Google is bolstering its defenses against what it says is the number one complaint among Chrome users, the hijacking of browser settings by malicious code hidden in free downloads such as screensavers, games and video plugins.

[Security experts question if Google's Chrome Apps is worth the risk]

The company is enhancing the Chrome feature that enables users to reset their browser settings to their original defaults in order to remove all malicious plugins and apps. Besides providing the reset option, Google will also alert users when browser settings have been changed and provide the option of one-click reset.

"Alerts about when a Chrome plug-in is trying to change browser settings are one important piece of a defense strategy against malware," Stephen Brunetto, director of product management at security vendor Trustwave, said.

Hackers will often try to change browser settings as part of a click-fraud scheme in which the new settings will direct users to search engine pages or a new homepage. The pages typically try to entice visitors to click on links that the attackers will profit from.

Linus Upson, vice president of engineering at Google, said in a blog post that the number of such click-fraud schemes is growing at an "alarming rate."

"Settings hijacking remains our number one user complaint," Upson said.

The alerts, which will appear at the bottom of the browser window, will only be available on Windows PCs. People who choose the reset option will have to go back and reactivate any extensions, apps and themes they had installed. This can be done by going to the Chrome menu and looking under "More tools [is greater than] Extensions."

Also, some hijacking malware are particularly troublesome, in that they are difficult to remove and sometimes return in a short time and change the browser settings again. In those cases, Upson recommends going to the Chrome help forum for more information on how to remove such programs.

The enhancement is part of Google's Safe Browsing feature that flags websites Google has identified as malicious. The feature automatically prevents downloads from those sites. Google says it flags 10,000 new websites everyday.

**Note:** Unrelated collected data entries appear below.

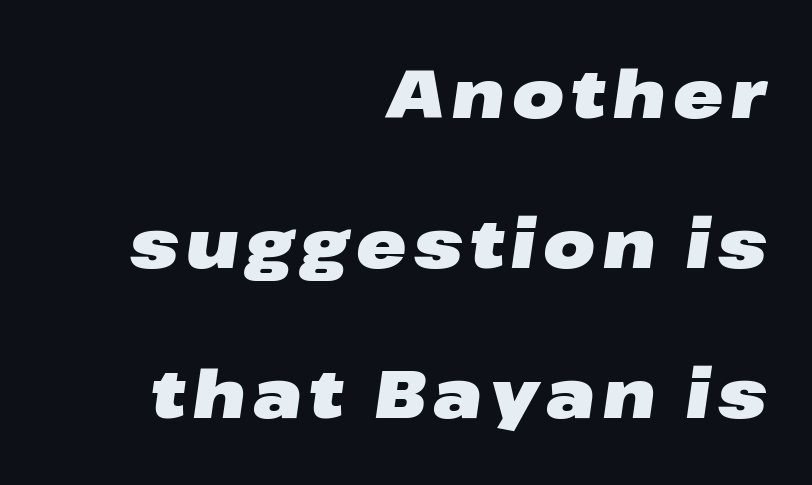
The image shows 67 px heavy, wide type, italic (leaning right); set right-aligned, loose line spacing (2.24x), not underlined; low stroke contrast and a medium x-height.
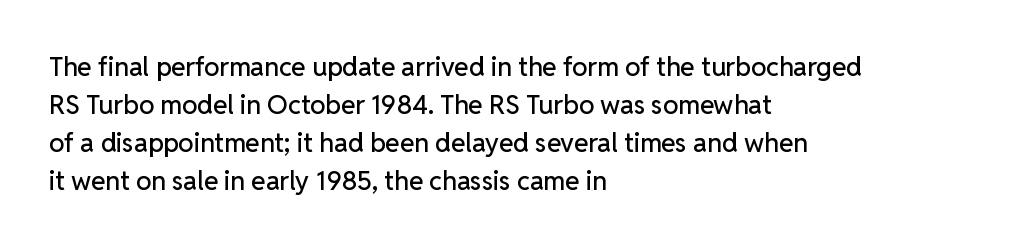
Q: Is the text italic (slanted)? A: No, it is upright.
Q: Is the text underlined? A: No.
Q: How is the paragraph aligned? A: Left-aligned.
Q: Is the spacing between letters normal or unusually wide? A: Normal.
Q: Is the spacing between lines tight, normal or loose? A: Normal.
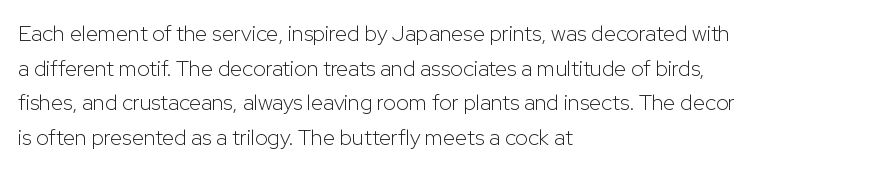
Which margin do the lines hug? The left one — the right edge is uneven. This is roman type, the default non-slanted kind. Summary of vertical rhythm: regular, with standard interline spacing. These glyphs show unthickened strokes, regular width or finer. The rendering keeps characters at their native spacing. The gap between lines stays unmarked.

For businesses and consumers, preventing users from visiting malicious websites is key to defending against phishing attacks, which is when a hacker sends email designed to trick recipients into clicking on a link to a compromised site.

[Google gets kudos for tossing older Chrome plug-in API]

"The most common and effective security threats facing users today are socially engineered malware and phishing attacks," NSS Labs said in its 2013 security analysis of the major browsers, including Chrome, Internet Explorer, Safari, Firefox and Opera.

Google's Safe Browsing is used by Chrome, Firefox and Safari, which all came within four percentage of each other and were the top three browsers in catching malicious websites. Microsoft IE was a distant 13 percentage points behind the leader.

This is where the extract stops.